#### Work instruction
Write each record again exactly as it stands.

#### Input data
——
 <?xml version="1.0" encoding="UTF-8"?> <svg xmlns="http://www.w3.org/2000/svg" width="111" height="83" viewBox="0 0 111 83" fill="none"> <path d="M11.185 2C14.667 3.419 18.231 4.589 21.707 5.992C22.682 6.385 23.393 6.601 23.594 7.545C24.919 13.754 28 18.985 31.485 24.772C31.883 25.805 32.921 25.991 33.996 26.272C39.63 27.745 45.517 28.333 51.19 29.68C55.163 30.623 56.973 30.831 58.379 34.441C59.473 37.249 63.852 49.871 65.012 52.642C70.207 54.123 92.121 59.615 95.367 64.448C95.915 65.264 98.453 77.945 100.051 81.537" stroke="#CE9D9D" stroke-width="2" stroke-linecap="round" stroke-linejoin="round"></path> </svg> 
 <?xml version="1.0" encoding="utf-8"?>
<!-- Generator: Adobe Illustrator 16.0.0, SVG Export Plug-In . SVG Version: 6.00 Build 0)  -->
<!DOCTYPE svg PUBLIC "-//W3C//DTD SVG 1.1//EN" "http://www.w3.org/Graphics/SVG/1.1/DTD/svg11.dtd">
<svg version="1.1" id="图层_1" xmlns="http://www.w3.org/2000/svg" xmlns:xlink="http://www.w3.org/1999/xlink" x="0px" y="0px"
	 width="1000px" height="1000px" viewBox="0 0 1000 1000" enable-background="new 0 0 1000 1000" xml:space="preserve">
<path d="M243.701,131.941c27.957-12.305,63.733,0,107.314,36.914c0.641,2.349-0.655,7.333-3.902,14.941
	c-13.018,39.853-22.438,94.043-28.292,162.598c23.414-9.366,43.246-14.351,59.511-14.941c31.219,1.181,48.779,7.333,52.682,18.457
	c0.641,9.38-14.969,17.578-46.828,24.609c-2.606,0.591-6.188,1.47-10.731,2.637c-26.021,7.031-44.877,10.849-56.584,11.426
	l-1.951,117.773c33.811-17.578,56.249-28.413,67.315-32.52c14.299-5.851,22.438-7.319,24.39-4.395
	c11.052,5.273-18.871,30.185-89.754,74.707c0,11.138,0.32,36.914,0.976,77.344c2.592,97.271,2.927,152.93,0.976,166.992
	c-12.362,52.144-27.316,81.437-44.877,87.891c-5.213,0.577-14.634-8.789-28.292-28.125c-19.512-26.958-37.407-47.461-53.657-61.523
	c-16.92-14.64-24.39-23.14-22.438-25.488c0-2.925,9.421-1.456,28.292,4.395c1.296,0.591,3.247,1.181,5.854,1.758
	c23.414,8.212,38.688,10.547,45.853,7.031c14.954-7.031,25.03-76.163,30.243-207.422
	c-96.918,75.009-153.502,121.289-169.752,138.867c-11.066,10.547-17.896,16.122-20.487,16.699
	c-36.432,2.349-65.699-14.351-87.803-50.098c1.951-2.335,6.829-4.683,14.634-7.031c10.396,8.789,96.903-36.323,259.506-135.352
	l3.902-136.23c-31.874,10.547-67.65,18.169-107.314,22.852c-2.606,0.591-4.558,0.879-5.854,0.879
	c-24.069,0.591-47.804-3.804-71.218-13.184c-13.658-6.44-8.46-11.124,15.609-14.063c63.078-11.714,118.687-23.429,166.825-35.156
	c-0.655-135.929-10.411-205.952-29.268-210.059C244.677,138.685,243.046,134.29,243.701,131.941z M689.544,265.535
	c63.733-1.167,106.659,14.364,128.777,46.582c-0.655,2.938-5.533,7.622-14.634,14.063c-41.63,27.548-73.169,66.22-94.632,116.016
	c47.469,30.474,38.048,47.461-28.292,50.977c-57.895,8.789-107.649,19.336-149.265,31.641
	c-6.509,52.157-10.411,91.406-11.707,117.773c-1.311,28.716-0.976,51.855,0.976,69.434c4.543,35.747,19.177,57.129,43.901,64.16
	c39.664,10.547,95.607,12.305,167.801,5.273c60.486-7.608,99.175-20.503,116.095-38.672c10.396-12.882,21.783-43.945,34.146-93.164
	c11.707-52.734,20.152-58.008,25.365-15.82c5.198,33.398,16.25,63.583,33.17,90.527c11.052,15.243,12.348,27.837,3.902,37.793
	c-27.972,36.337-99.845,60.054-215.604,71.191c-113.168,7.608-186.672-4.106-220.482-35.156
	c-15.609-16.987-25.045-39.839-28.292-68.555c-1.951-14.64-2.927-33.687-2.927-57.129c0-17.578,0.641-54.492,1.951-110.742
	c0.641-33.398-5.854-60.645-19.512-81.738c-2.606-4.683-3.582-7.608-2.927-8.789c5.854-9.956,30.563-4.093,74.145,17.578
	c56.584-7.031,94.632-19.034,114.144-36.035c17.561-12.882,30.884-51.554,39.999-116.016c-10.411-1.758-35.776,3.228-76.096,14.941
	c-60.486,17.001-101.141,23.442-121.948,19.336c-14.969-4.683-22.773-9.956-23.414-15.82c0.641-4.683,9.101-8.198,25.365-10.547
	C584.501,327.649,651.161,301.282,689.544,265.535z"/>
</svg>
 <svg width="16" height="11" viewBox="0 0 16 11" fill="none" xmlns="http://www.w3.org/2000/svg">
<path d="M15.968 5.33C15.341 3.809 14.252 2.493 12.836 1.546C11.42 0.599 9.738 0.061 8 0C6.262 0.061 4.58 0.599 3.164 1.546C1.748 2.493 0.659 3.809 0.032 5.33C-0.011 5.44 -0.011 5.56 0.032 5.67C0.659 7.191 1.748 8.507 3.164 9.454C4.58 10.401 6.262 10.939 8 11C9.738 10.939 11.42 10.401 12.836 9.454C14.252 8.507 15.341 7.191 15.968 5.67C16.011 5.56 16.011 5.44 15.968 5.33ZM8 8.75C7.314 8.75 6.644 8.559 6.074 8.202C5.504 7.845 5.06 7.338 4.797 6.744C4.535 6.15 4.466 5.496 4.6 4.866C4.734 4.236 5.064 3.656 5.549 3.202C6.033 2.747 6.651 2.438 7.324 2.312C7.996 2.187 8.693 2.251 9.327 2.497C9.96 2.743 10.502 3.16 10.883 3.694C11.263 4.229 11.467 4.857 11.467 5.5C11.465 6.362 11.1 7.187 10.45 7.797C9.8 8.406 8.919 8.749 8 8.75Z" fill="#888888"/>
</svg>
——
#### Solution to this problem
 <?xml version="1.0" encoding="UTF-8"?> <svg xmlns="http://www.w3.org/2000/svg" width="111" height="83" viewBox="0 0 111 83" fill="none"> <path d="M11.185 2C14.667 3.419 18.231 4.589 21.707 5.992C22.682 6.385 23.393 6.601 23.594 7.545C24.919 13.754 28 18.985 31.485 24.772C31.883 25.805 32.921 25.991 33.996 26.272C39.63 27.745 45.517 28.333 51.19 29.68C55.163 30.623 56.973 30.831 58.379 34.441C59.473 37.249 63.852 49.871 65.012 52.642C70.207 54.123 92.121 59.615 95.367 64.448C95.915 65.264 98.453 77.945 100.051 81.537" stroke="#CE9D9D" stroke-width="2" stroke-linecap="round" stroke-linejoin="round"></path> </svg> 
 <?xml version="1.0" encoding="utf-8"?>
<!-- Generator: Adobe Illustrator 16.0.0, SVG Export Plug-In . SVG Version: 6.00 Build 0)  -->
<!DOCTYPE svg PUBLIC "-//W3C//DTD SVG 1.1//EN" "http://www.w3.org/Graphics/SVG/1.1/DTD/svg11.dtd">
<svg version="1.1" id="图层_1" xmlns="http://www.w3.org/2000/svg" xmlns:xlink="http://www.w3.org/1999/xlink" x="0px" y="0px"
	 width="1000px" height="1000px" viewBox="0 0 1000 1000" enable-background="new 0 0 1000 1000" xml:space="preserve">
<path d="M243.701,131.941c27.957-12.305,63.733,0,107.314,36.914c0.641,2.349-0.655,7.333-3.902,14.941
	c-13.018,39.853-22.438,94.043-28.292,162.598c23.414-9.366,43.246-14.351,59.511-14.941c31.219,1.181,48.779,7.333,52.682,18.457
	c0.641,9.38-14.969,17.578-46.828,24.609c-2.606,0.591-6.188,1.47-10.731,2.637c-26.021,7.031-44.877,10.849-56.584,11.426
	l-1.951,117.773c33.811-17.578,56.249-28.413,67.315-32.52c14.299-5.851,22.438-7.319,24.39-4.395
	c11.052,5.273-18.871,30.185-89.754,74.707c0,11.138,0.32,36.914,0.976,77.344c2.592,97.271,2.927,152.93,0.976,166.992
	c-12.362,52.144-27.316,81.437-44.877,87.891c-5.213,0.577-14.634-8.789-28.292-28.125c-19.512-26.958-37.407-47.461-53.657-61.523
	c-16.92-14.64-24.39-23.14-22.438-25.488c0-2.925,9.421-1.456,28.292,4.395c1.296,0.591,3.247,1.181,5.854,1.758
	c23.414,8.212,38.688,10.547,45.853,7.031c14.954-7.031,25.03-76.163,30.243-207.422
	c-96.918,75.009-153.502,121.289-169.752,138.867c-11.066,10.547-17.896,16.122-20.487,16.699
	c-36.432,2.349-65.699-14.351-87.803-50.098c1.951-2.335,6.829-4.683,14.634-7.031c10.396,8.789,96.903-36.323,259.506-135.352
	l3.902-136.23c-31.874,10.547-67.65,18.169-107.314,22.852c-2.606,0.591-4.558,0.879-5.854,0.879
	c-24.069,0.591-47.804-3.804-71.218-13.184c-13.658-6.44-8.46-11.124,15.609-14.063c63.078-11.714,118.687-23.429,166.825-35.156
	c-0.655-135.929-10.411-205.952-29.268-210.059C244.677,138.685,243.046,134.29,243.701,131.941z M689.544,265.535
	c63.733-1.167,106.659,14.364,128.777,46.582c-0.655,2.938-5.533,7.622-14.634,14.063c-41.63,27.548-73.169,66.22-94.632,116.016
	c47.469,30.474,38.048,47.461-28.292,50.977c-57.895,8.789-107.649,19.336-149.265,31.641
	c-6.509,52.157-10.411,91.406-11.707,117.773c-1.311,28.716-0.976,51.855,0.976,69.434c4.543,35.747,19.177,57.129,43.901,64.16
	c39.664,10.547,95.607,12.305,167.801,5.273c60.486-7.608,99.175-20.503,116.095-38.672c10.396-12.882,21.783-43.945,34.146-93.164
	c11.707-52.734,20.152-58.008,25.365-15.82c5.198,33.398,16.25,63.583,33.17,90.527c11.052,15.243,12.348,27.837,3.902,37.793
	c-27.972,36.337-99.845,60.054-215.604,71.191c-113.168,7.608-186.672-4.106-220.482-35.156
	c-15.609-16.987-25.045-39.839-28.292-68.555c-1.951-14.64-2.927-33.687-2.927-57.129c0-17.578,0.641-54.492,1.951-110.742
	c0.641-33.398-5.854-60.645-19.512-81.738c-2.606-4.683-3.582-7.608-2.927-8.789c5.854-9.956,30.563-4.093,74.145,17.578
	c56.584-7.031,94.632-19.034,114.144-36.035c17.561-12.882,30.884-51.554,39.999-116.016c-10.411-1.758-35.776,3.228-76.096,14.941
	c-60.486,17.001-101.141,23.442-121.948,19.336c-14.969-4.683-22.773-9.956-23.414-15.82c0.641-4.683,9.101-8.198,25.365-10.547
	C584.501,327.649,651.161,301.282,689.544,265.535z"/>
</svg>
 <svg width="16" height="11" viewBox="0 0 16 11" fill="none" xmlns="http://www.w3.org/2000/svg">
<path d="M15.968 5.33C15.341 3.809 14.252 2.493 12.836 1.546C11.42 0.599 9.738 0.061 8 0C6.262 0.061 4.58 0.599 3.164 1.546C1.748 2.493 0.659 3.809 0.032 5.33C-0.011 5.44 -0.011 5.56 0.032 5.67C0.659 7.191 1.748 8.507 3.164 9.454C4.58 10.401 6.262 10.939 8 11C9.738 10.939 11.42 10.401 12.836 9.454C14.252 8.507 15.341 7.191 15.968 5.67C16.011 5.56 16.011 5.44 15.968 5.33ZM8 8.75C7.314 8.75 6.644 8.559 6.074 8.202C5.504 7.845 5.06 7.338 4.797 6.744C4.535 6.15 4.466 5.496 4.6 4.866C4.734 4.236 5.064 3.656 5.549 3.202C6.033 2.747 6.651 2.438 7.324 2.312C7.996 2.187 8.693 2.251 9.327 2.497C9.96 2.743 10.502 3.16 10.883 3.694C11.263 4.229 11.467 4.857 11.467 5.5C11.465 6.362 11.1 7.187 10.45 7.797C9.8 8.406 8.919 8.749 8 8.75Z" fill="#888888"/>
</svg>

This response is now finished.